Mont Blanc – a Swiss mountain in the imagination

The silhouette of Mont Blanc is very familiar to the French-speaking Swiss. The Swiss de Saussure invented mountaineering there. The new Refuge du Goûter is also the work of two Swiss architects.

The Goûter hut designed by the architects Hervé Dessimoz and Thomas Büchi standing at 3,835 metres above sea level

In Geneva, tourists heading down Rue du Mont-Blanc towards the lake – in good weather – see the immaculate and rounded profile of a mountain rising up in front of them that towers above all others – it is of course Mont Blanc. Further on towards Lausanne on the hills overlooking Lake Geneva, the great protrusion – on which Horace-Bénédict de Saussure, a scientist from Geneva, set his heart in the 18th century – tantalises those on the ground. “There is a superb view of Mont Blanc from Bussigny where my wife lives,” remarks Jérôme Terrettaz, a mountain guide from Valais, who has climbed this peak more than 15 times, with an element of emotion and pleasure on each occasion, despite the summit’s great popularity. Standing at 4,808 metres, it attracts 20,000 climbers a year, only half of whom make it to the top.

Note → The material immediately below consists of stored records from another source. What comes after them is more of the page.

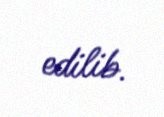
edilib.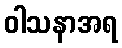
ဝါသနာအရ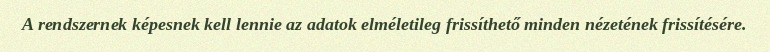
A rendszernek képesnek kell lennie az adatok elméletileg frissíthető minden nézetének frissítésére.

“Once on this viewpoint, you see all the summits you have already scaled around you. It is like a history of the past. You also make plans for the future,” adds the 43-year-old mountaineer who has experienced some unexpected adventures with his clients on these slopes. On one occasion, a highly trained climber from Vaud completely lost his nerve just 200 metres from the top. On another, a customer who did not practise mountaineering, got to the peak as fresh as a daisy. It was his first 4,000-metre ascent. Stress is sometimes a factor but also altitude sickness, the cold or fatigue. “Up there, the wind and temperatures are different to those you experience on all other surrounding mountains. It’s like another layer of atmosphere,” explains Yoann Burkhalter, a mountain guide from Vaud. Between two and five people lose their lives each season on the normal route, known as the Goûter, according to the French National Ski and Mountaineering School.

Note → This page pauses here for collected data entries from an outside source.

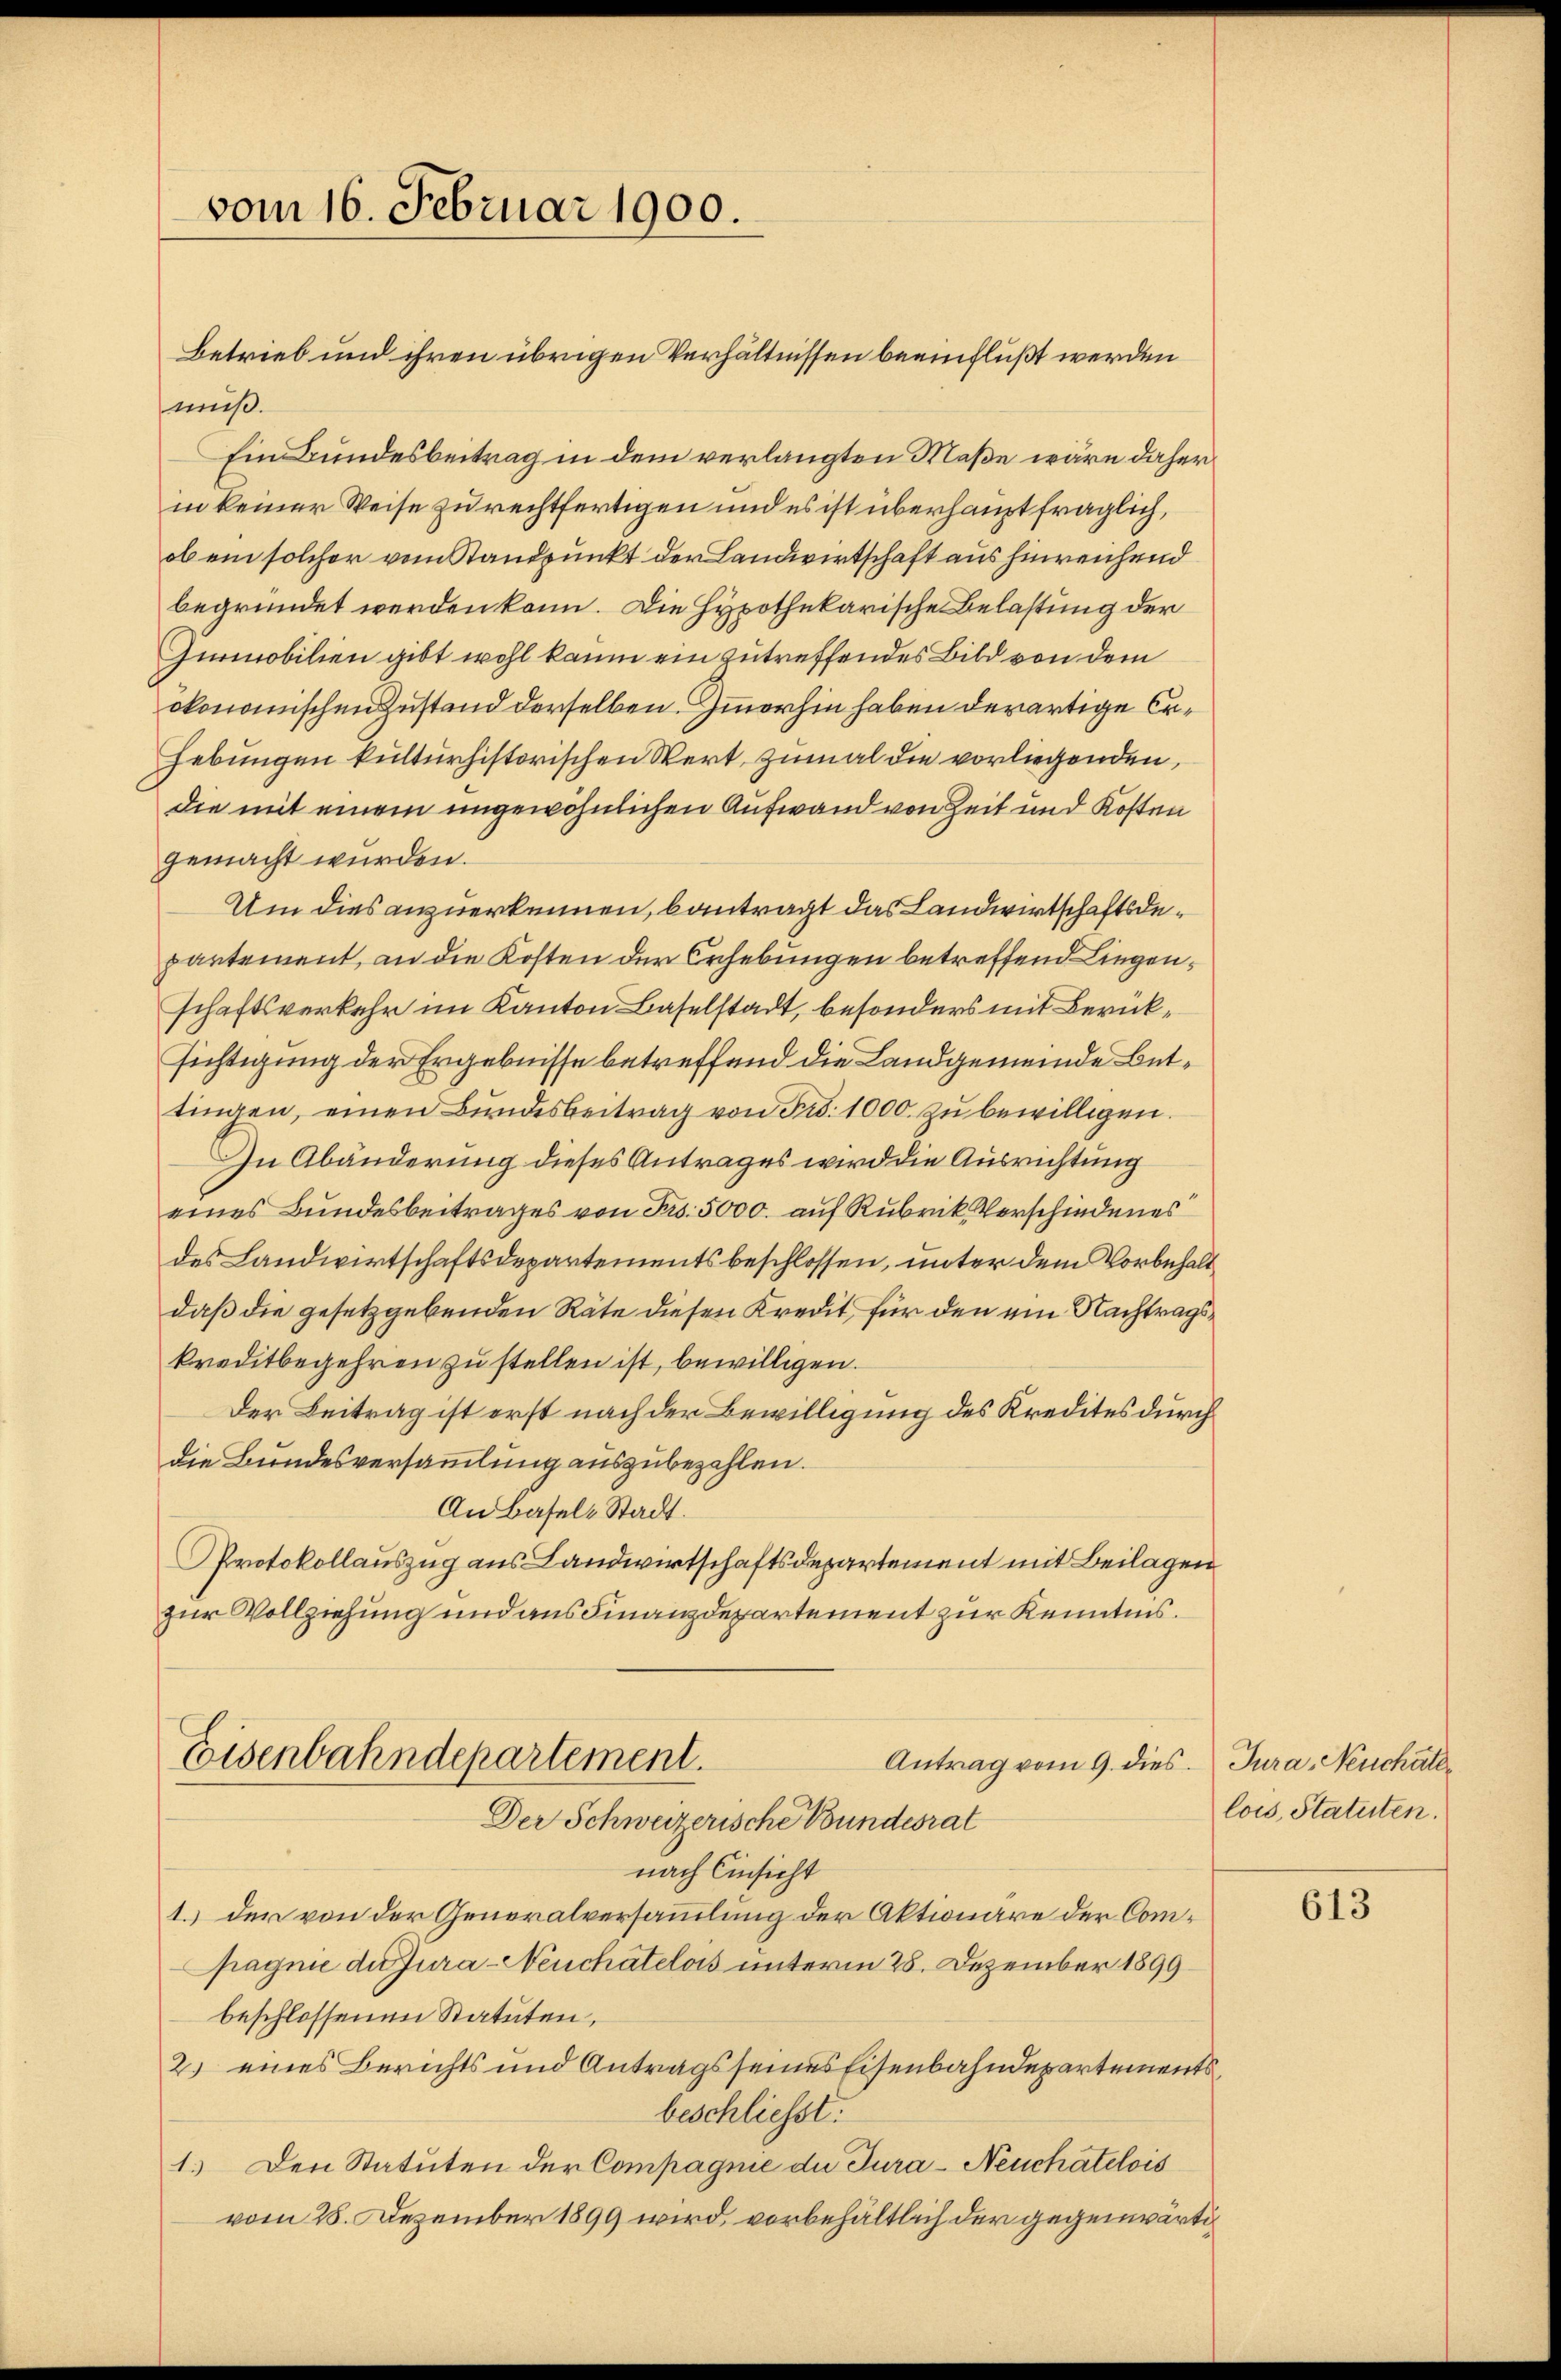
vom 16. Februar 1900.

Betrieb und ihren übrigen Verhältnissen beeinflußt werden
muß.
Ein Bundesbeitrag in dem verlangten Maße wäre daher
in keiner Weise zu rechtfertigen und es ist überhaupt fraglich,
ob ein solcher vom Standpunkt der Landwirtschaft aus hinreichend
begründet werden kann. Die Hypothekarische Belastung der
Gimobilien gibt wohl kaum ein zutreffendes Bild von dem
okonomischen Zustand derselben. Immerhin haben derartige Er¬
Hebungen kulturhistorischen Wert, zumal die vorliegenden,
die mit einem ungewöhnlichen Aufwand von Zeit und Kosten
gemacht wurden.
Um dies anzuerkennen, bantragt das Landwirtschaftsdepantement, an die Kosten der Erhebungen betreffend Liegenschaftsverkehr im Kanton Baselstadt, besonders mit Berücksichtigung der Ergebnisse betreffend die Landgemeinde Bettingen, einen Bundesbeitrag von Fr. 1000. zu bewilligen.
In Abänderung dieses Antrages wird die Ausrichtung
eines Bundesbeitrages von Fr. 5000. auf Rubrik Verschiedenes
des Landwirtschaftsdepartements beschlossen, unter dem Vorbehalt
daß die gesetzgebenden Räte diesen Kredit für den ein Nachtragskreditbegehren zu stellen ist, bewilligen.
Der Beitrag ist erst nach der Bewilligung des Kredites durch
die Bundesversammlung auszubezahlen.
An Basels Stadt.
Protokollauszug aus Landwirtschaftsdepartement mit Beilagen
zur Vollziehung und aus Finanzdepartement zur Kenntnis.
Eisenbahndepartement.
Antrag vom 9. dies Jura, Neuchale
Der Schweizerische Bundesrat
nach Einsicht
1. der von der Generalversammlung der Aktionäre der Compagnie der Jura-Neuchatelois unterm 28. Dezember 1899
beschlossenen Statuten,
2.) eines Berichts und Antrags seines Eisenbahndepartements
beschliesst.
1.) Den Statuten der Compagnie die Jura - Neuchatelois
vom 28. Dezember 1899 wird, vorbehältlich der gegenwärti¬

lois, Statuten

613

An aura equal to that of the Matterhorn

Owing to its familiar and lofty position in the landscape, Mont Blanc holds an attraction or fascination for the inhabitants of the arc of Lake Geneva comparable with that of the Matterhorn’s aura. “From the shore you see how high this place is, as if it belongs to another world,” says Yoann Burkhalter. Passe Montagne, the guide company he works with, never fails to feature this climb in its itinerary. “We highlight Mont Blanc in the same way as the Matterhorn because it represents a milestone in a mountaineer’s career,” explains the young guide. Preparation for climbing this mountain is often undertaken in Switzerland. “Typical preparation is climbing to the French Albert Premier hut, before carrying on to sleep on the Swiss side in the Trient hut, doing a climb in the area, for example the Aiguille du Tour,” explains Jérôme Terrettaz. The Swiss certainly do not claim Mont Blanc as one of their own 4,000-metre peaks.

They are not like the Italians who believe the Italian-French border passes through the summit while the French contend that it belongs entirely to them. “The Swiss maps see it in the same way but the Italian ones do not,” points out Burkhalter. Map or not, Mont Blanc is part of the Swiss imagination.

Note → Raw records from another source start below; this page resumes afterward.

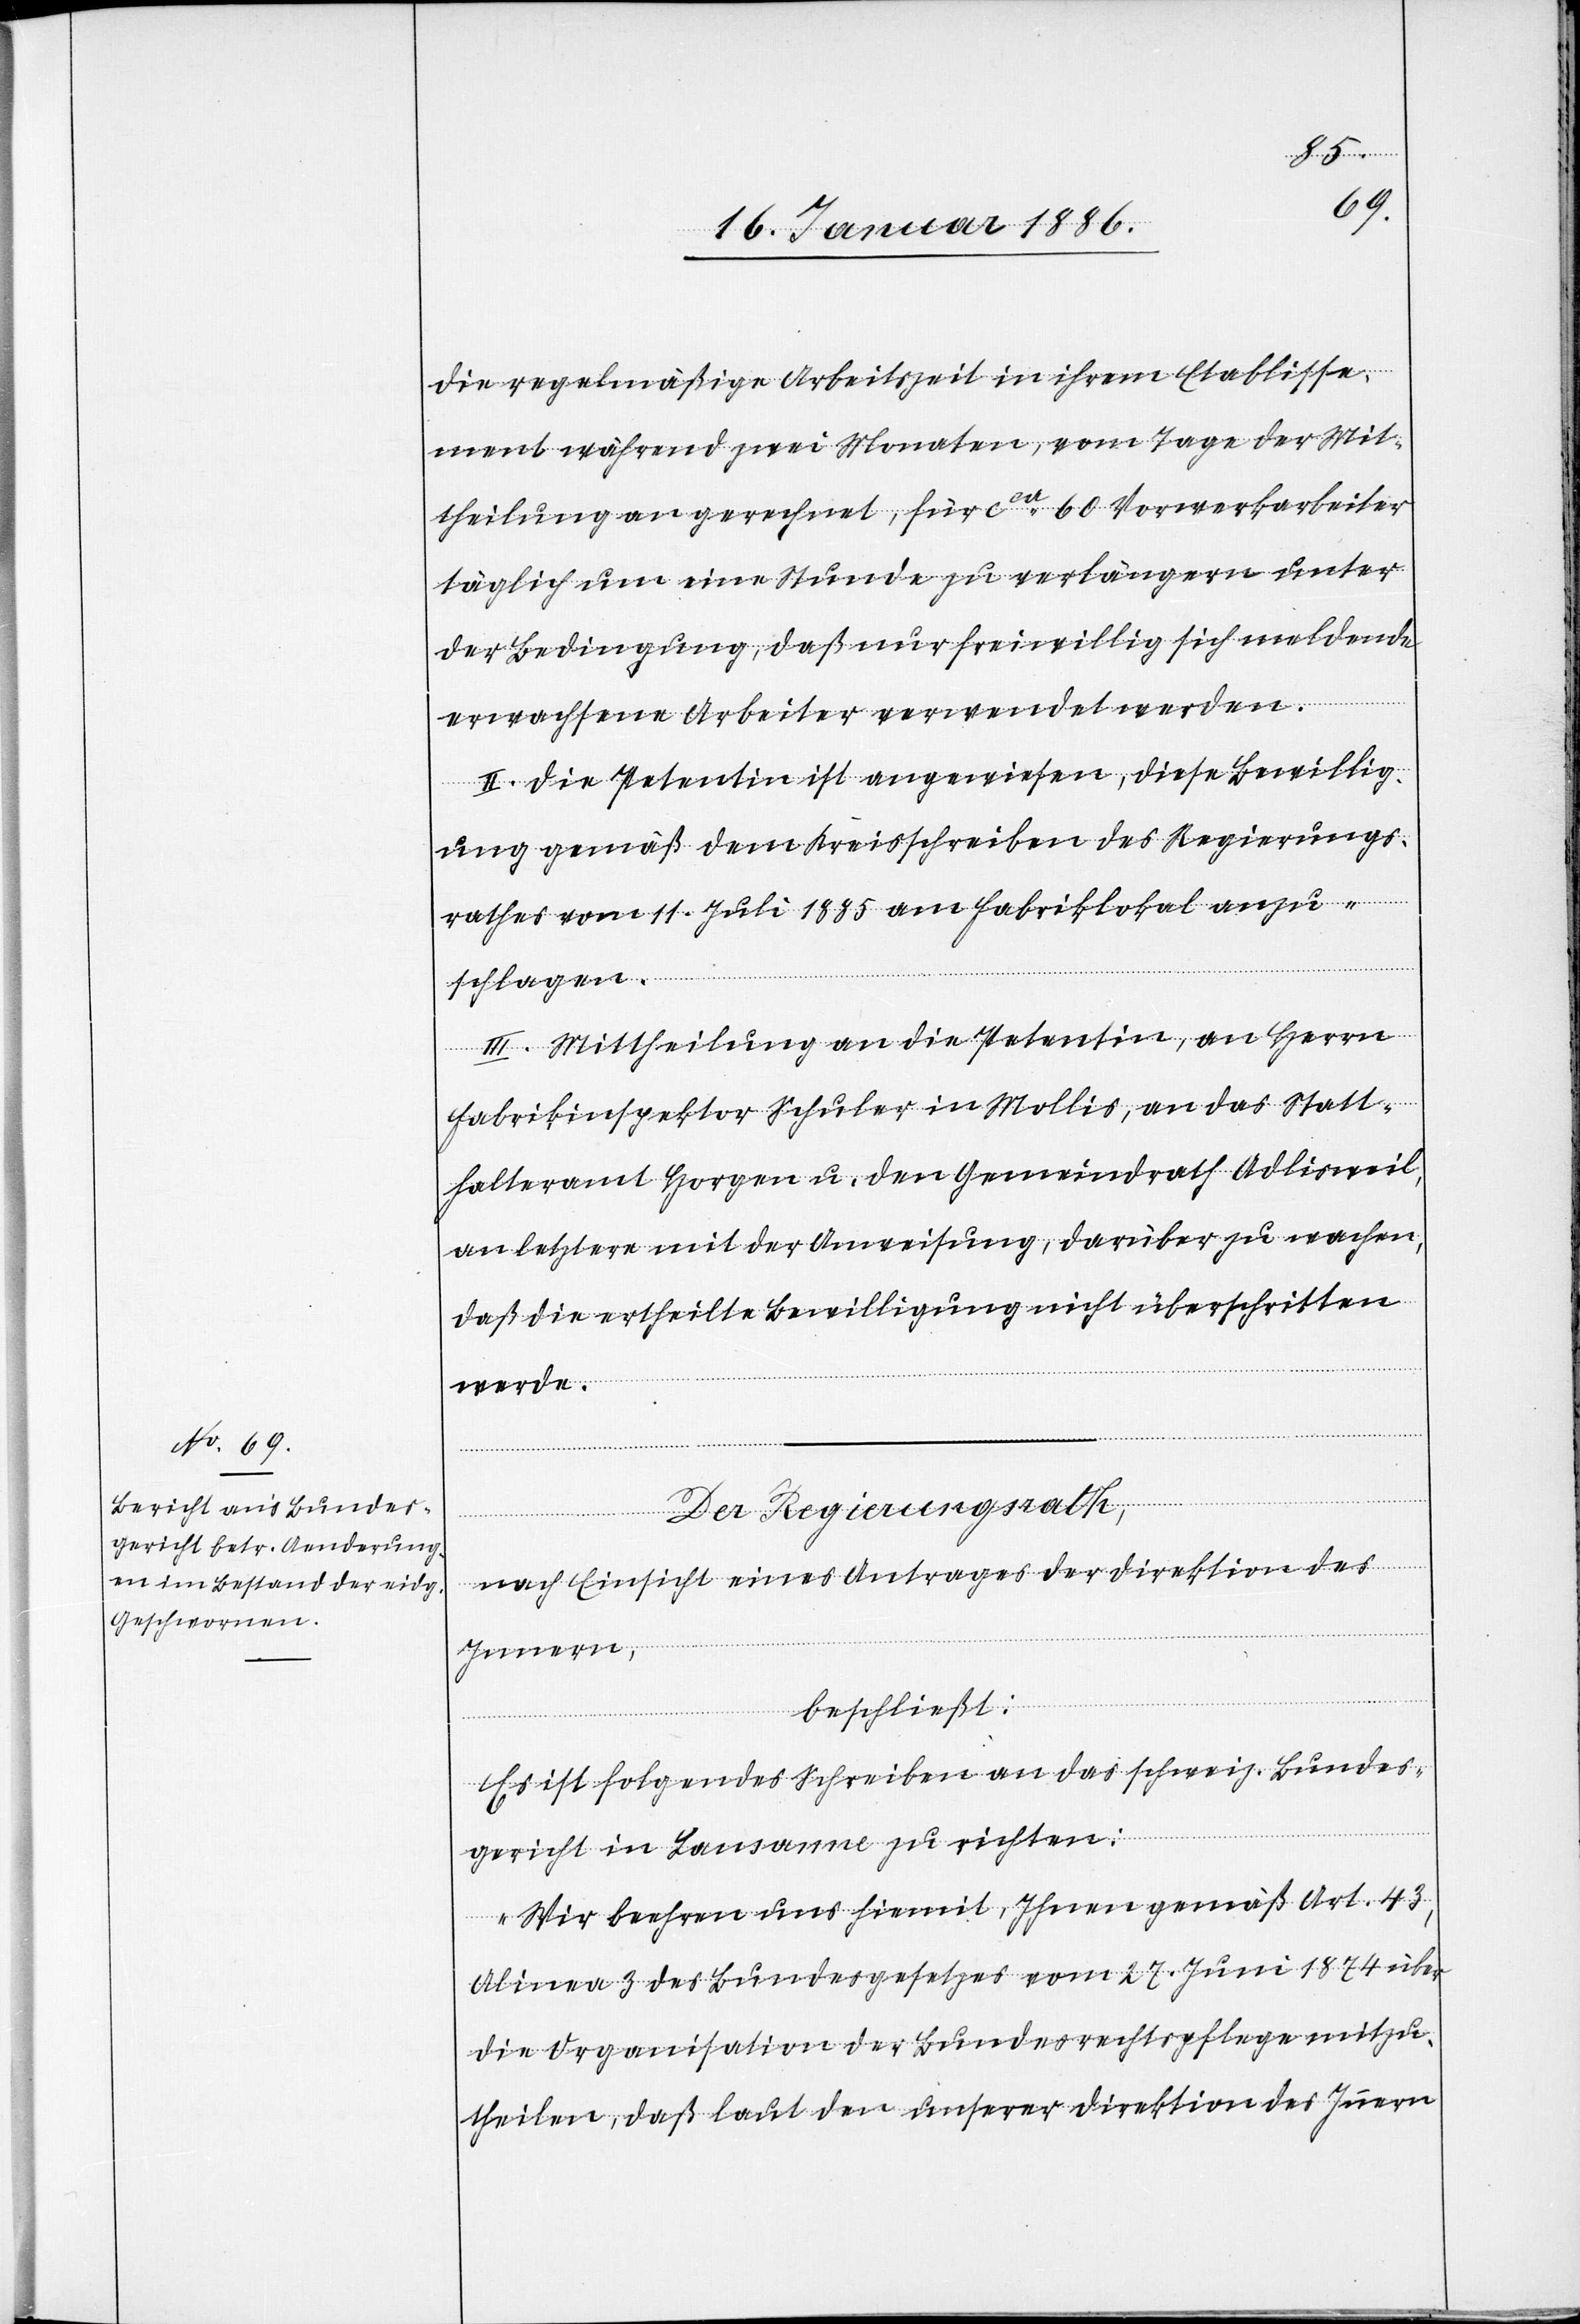
die regelmäßige Arbeitszeit in ihrem Etablisse¬
ment während zwei Monaten, vom Tage der Mit¬
theilung an gerechnet, für cca 60 Vorwerkarbeiter
täglich um eine Stunde zu verlängern unter
der Bedingung, daß nur freiwillig sich meldende
erwachsene Arbeiter verwendet werden.
II. Die Petentin ist angewiesen, diese Bewillig¬
ung gemäß dem Kreisschreiben des Regierungs¬
rathes vom 11. Juli 1885 am Fabriklokal anzu¬
schlagen.
III. Mittheilung an die Petentin, an Herrn
Fabrikinspektor Schuler in Mollis, an das Statt¬
halteramt Horgen u. den Gemeindrath Adlisweil,
an letztern mit der Anweisung, darüber zu wachen,
daß die ertheilte Bewilligung nicht überschritten
werde.
Der Regierungsrath,
nach Einsicht eines Antrages der Direktion des
Innern,
beschließt:
Es ist folgendes Schreiben an das schweiz. Bundes¬
gericht in Lausanne zu richten:
„Wir beehren uns hiemit, Ihnen gemäß Art. 43,
Alinea 3 des Bundesgesetzes vom 27. Juni 1874 über
die Organisation der Bundesrechtspflege mitzu¬
theilen, daß laut den unserer Direktion des Innern

In the specialist mountaineering shops in French-speaking Switzerland, it is a big part of business. “In summer people set off on this ascent every two to three days,” says Nicolas Fouchereau, manager of Passe Montagne in Geneva. The store hires out between 40 and 50 sets of equipment a year for Mont Blanc – consisting of an ice axe, helmet, crampons and boots. Some customers opt to kit themselves out from head to toe and novices are not uncommon. That is the paradox of this mountain – it is easy to access thanks to the Mont Blanc Tramway and is close to Switzerland, attracting vast numbers of people, some of whom do not have the ability to accomplish an ascent deemed technically straightforward but nevertheless not always easy to complete. “Of all those who fail, one third do not reach the summit for physical reasons, one third due to a lack of training or acclimatisation and the final third because of the weather conditions,” explains the French guide Daniel Traber, who has been involved in rescue missions in the mountains for 20 years. “It’s crazy to think that Mont Blanc can be climbed in a day (editorial note: departing from the Aiguille du Midi) thanks to cable cars, while just the ascent to the Dent Blanche hut takes six hours,” states Terrettaz. When he meets French guides on this Swiss peak, they tell them they find it “enjoyable and quiet”. Burkhalter dubs the Goûter the “Gotthard Tunnel of mountaineering”, without denying either the beauty or legendary nature of this ascent. Its importance in the sport’s history should not be overlooked either. “It was Gaston Rebuffat (editor’s note: a famous French mountaineer) who said that de Saussure had invented mountaineering by gazing at Mont Blanc from Geneva. This mountain appealed to the scientist. It inspired a fascination which has driven many other discoveries.”

A Swiss hut on the normal Goûter route

Standing at 3,835 metres on the ice of Aiguille du Goûter, the new hut of the same name is the work of Swiss architect Hervé Dessimoz and his partner Thomas Büchi. Opened in 2013 in an atmosphere of bickering between the commune of Saint-Gervais and the French Alpine Club, the Refuge du Goûter was portrayed as a pinnacle of technology and ecology. However, not everyone agrees. For example, the smell of the sewage system is noticeable on the approach to the hut. “It’s badly designed,” says the Swiss guide Burkhalter. “The overuse of the Goûter, where people arrive without booking, puts strain on the system,” remarks French guide Daniel Traber. “You have to understand that you see people here who don’t know that they have to take off their crampons before going in,” said Valais-born Terrettaz. However, the criticisms frequently aimed at the Goûter, another of which is the narrowness of the entrance area, are perhaps inevitable. “The challenge presented by the Goûter’s high level of usage – from the route to the hut itself – is unique in the Alps,” acknowledges Burkhalter. Otherwise, the Goûter hut, with its attractive framework and ingenious and pleasant dorms, remains a real feat of architecture.

But how should you prepare for climbing Mont Blanc? By scaling steep slopes of around 1,500 metres and sleeping at altitude but by taking things step by step. The easy Swiss summits, such as Weissmies, Bishorn and Breithorn, are often attempted as part of training. And Mont Blanc itself? A good approach is to take three days. Day 1: ascent to the Tête-Rousse hut (3,167 metres) from the terminus of the Mont Blanc Tramway (over 800 metres ascent). Day 2: climb to Mont Blanc over 1,700 metres in total) and spend the night at Goûter. Day 3: return to the valley. This option offers two benefits – it means you do not sleep too high on the first day and cross the Goûter corridor – known as the “corridor of death” – early in the morning to minimise the risk of rock fall.

Full equipment costs around 2,000 Swiss francs. Scaling the summit with a week’s preparation with a Swiss guide is priced at 3,600 Swiss francs all in, according to Yoann Burkhalter.